Segment Open

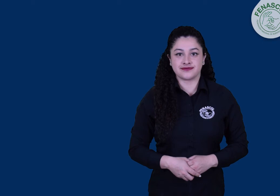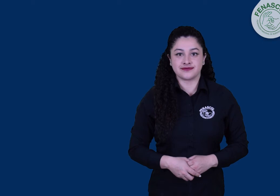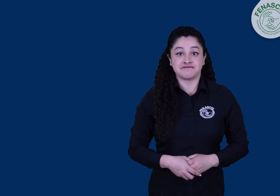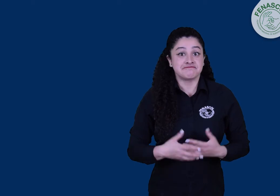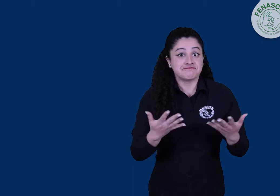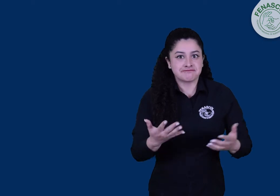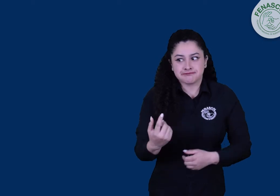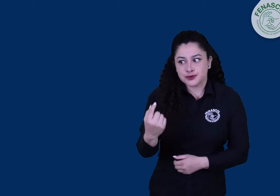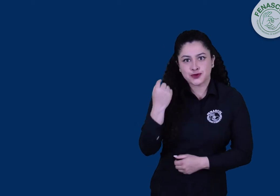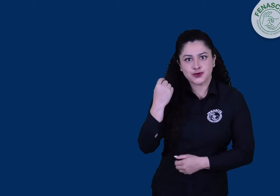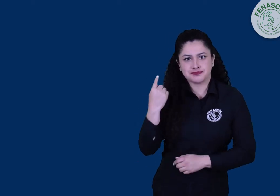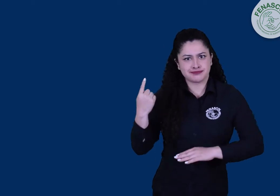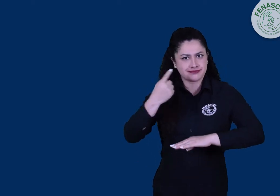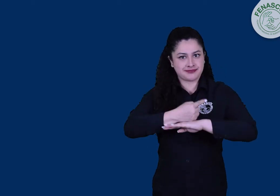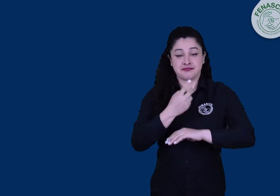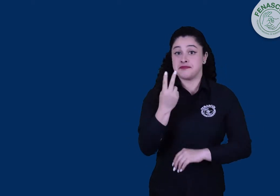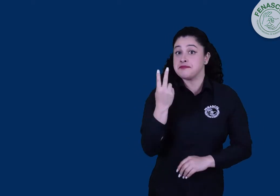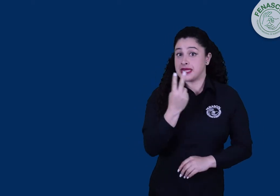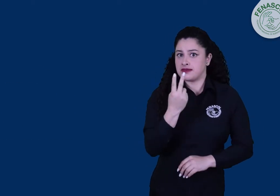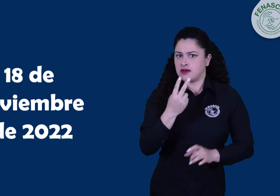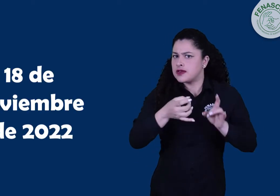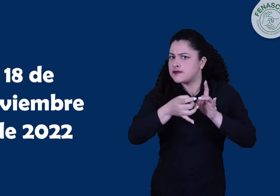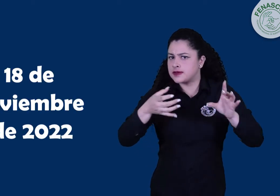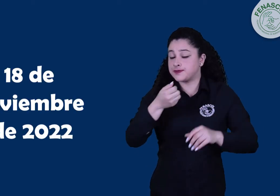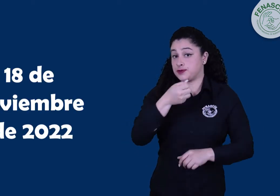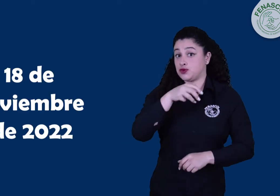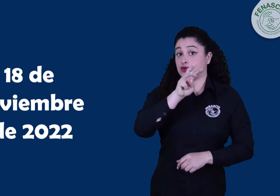El día viernes 18 de noviembre del año 2022,
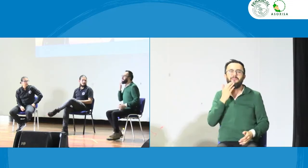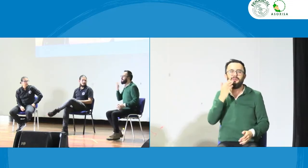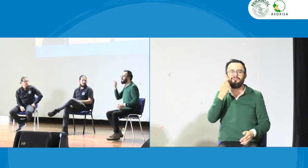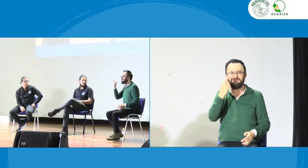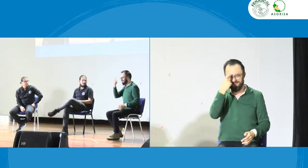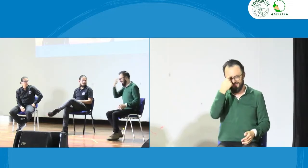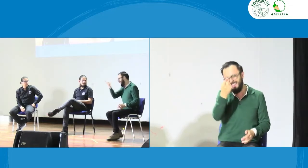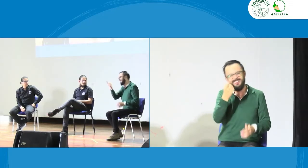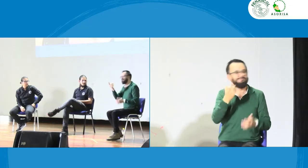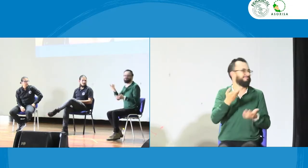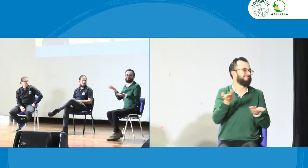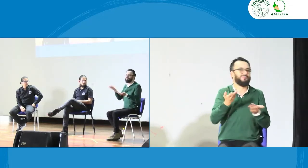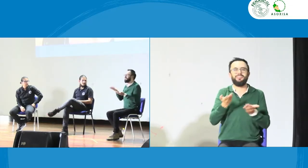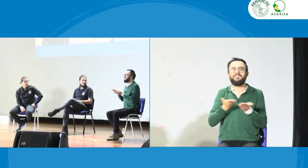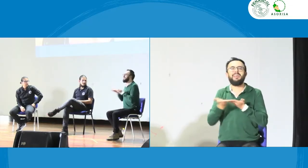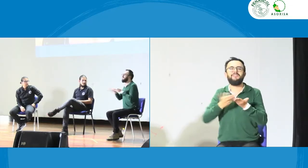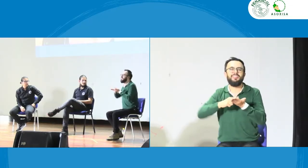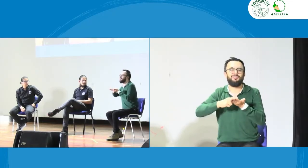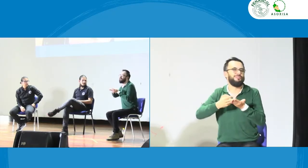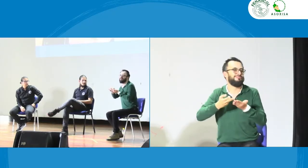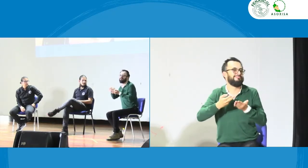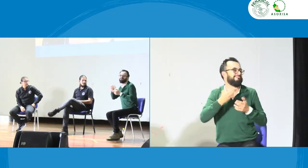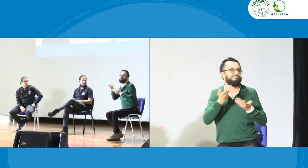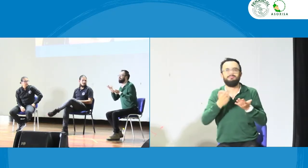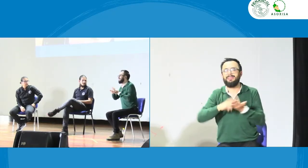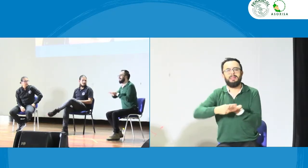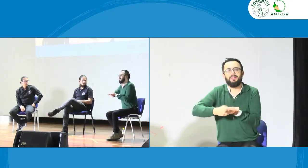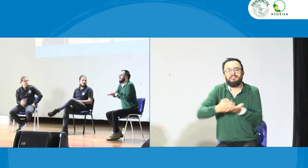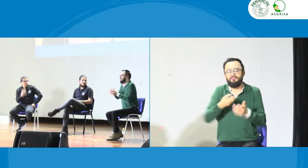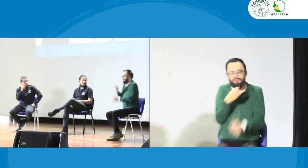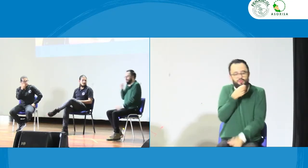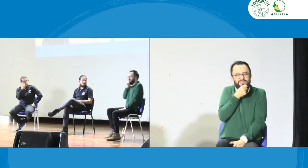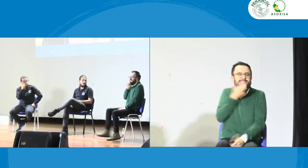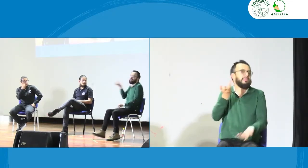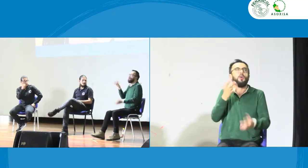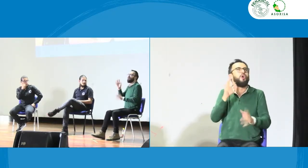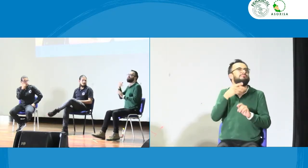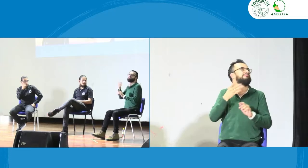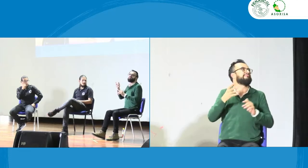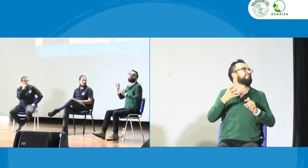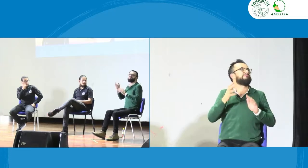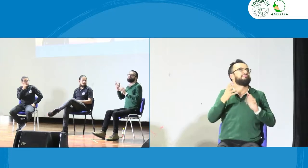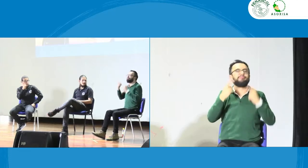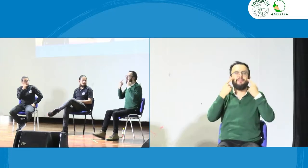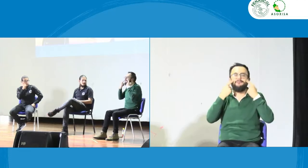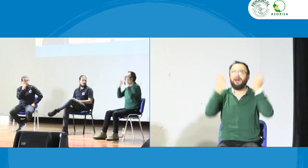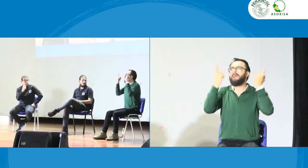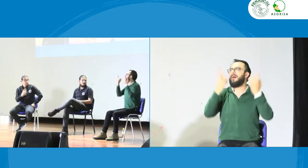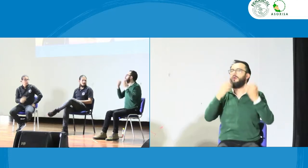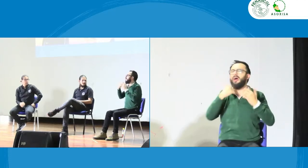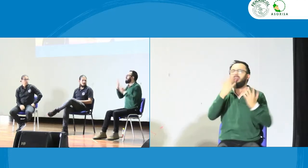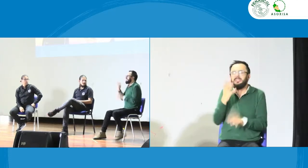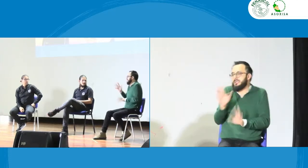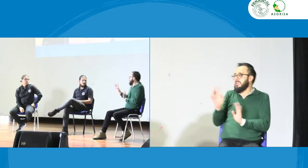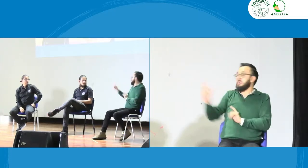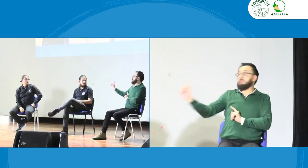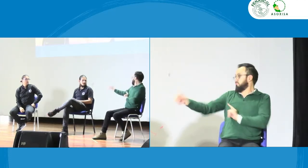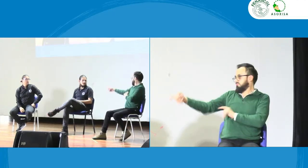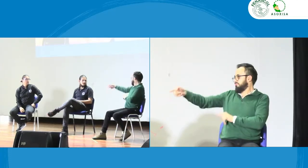debemos es apalancar a que se vea la persona sorda porque en un servicio de interpretación no sé digamos que una persona
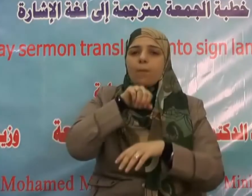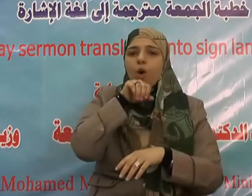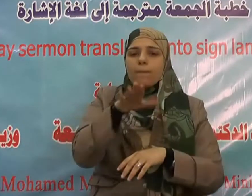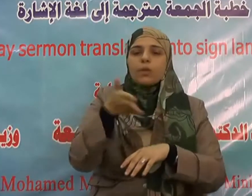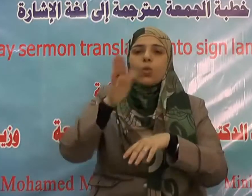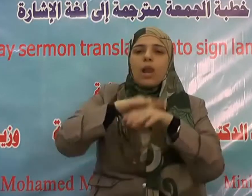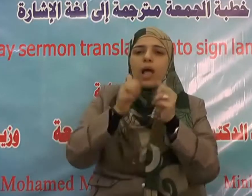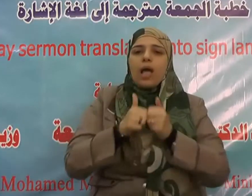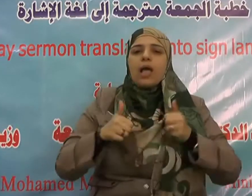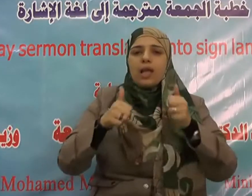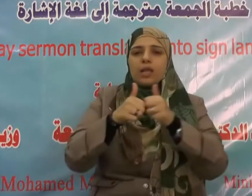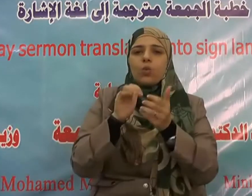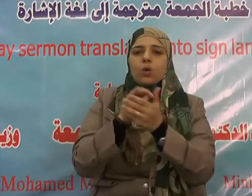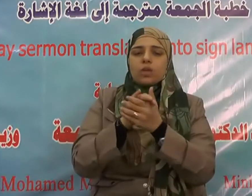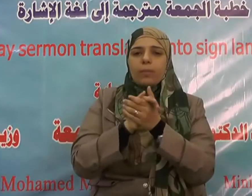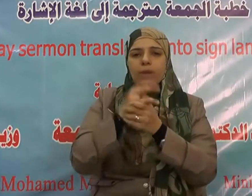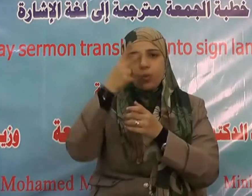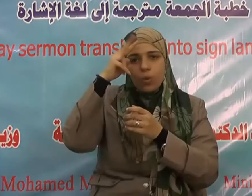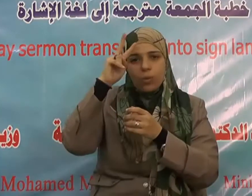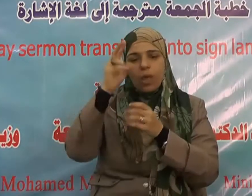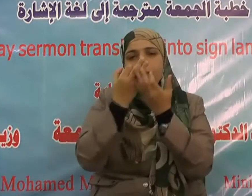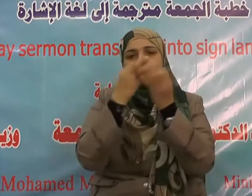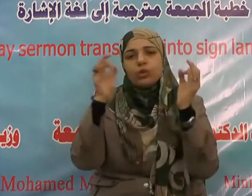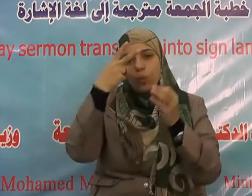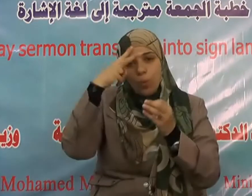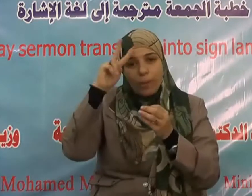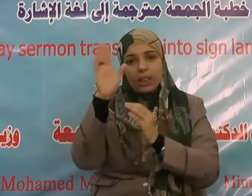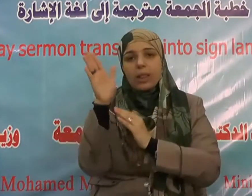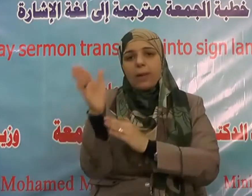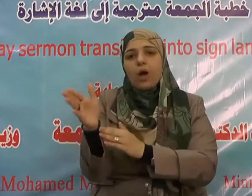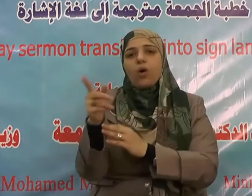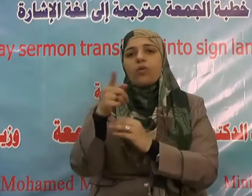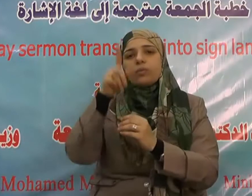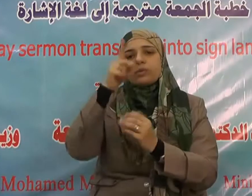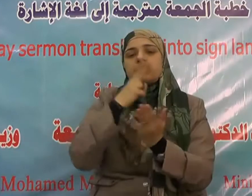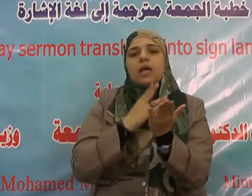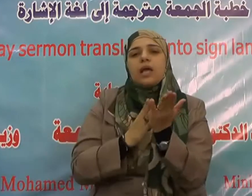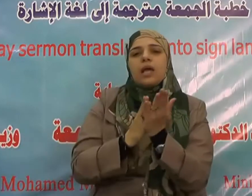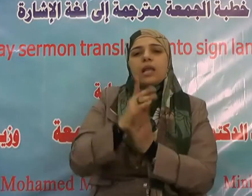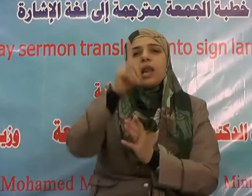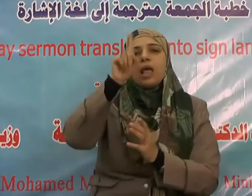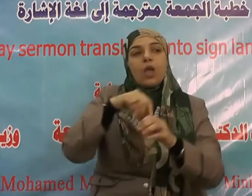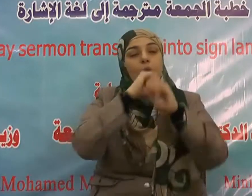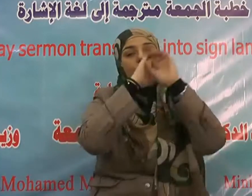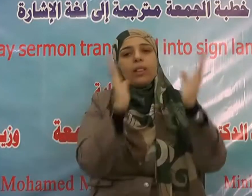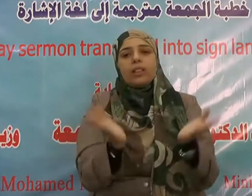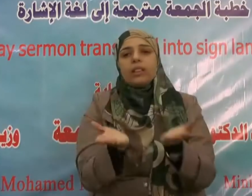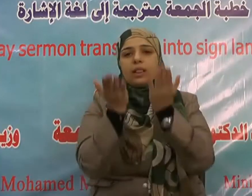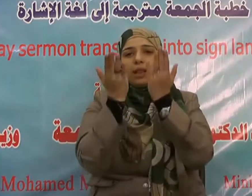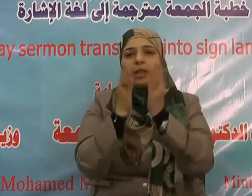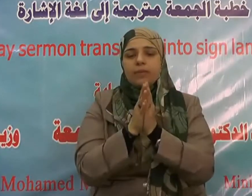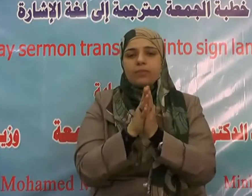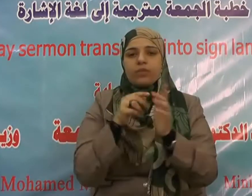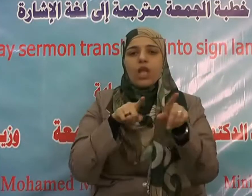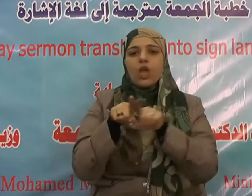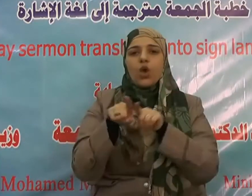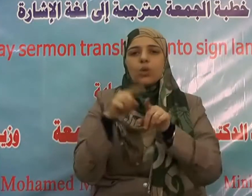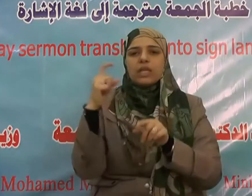قلبه صار مصدرا للأمن والطمأنينة والاستقرار فيأمنه الناس على

Segment Closed

Copy every line of the data exactly as written, excluding the pictures.

El día viernes 18 de noviembre del año 2022,
debemos es apalancar a que se vea la persona sorda porque en un servicio de interpretación no sé digamos que una persona
قلبه صار مصدرا للأمن والطمأنينة والاستقرار فيأمنه الناس على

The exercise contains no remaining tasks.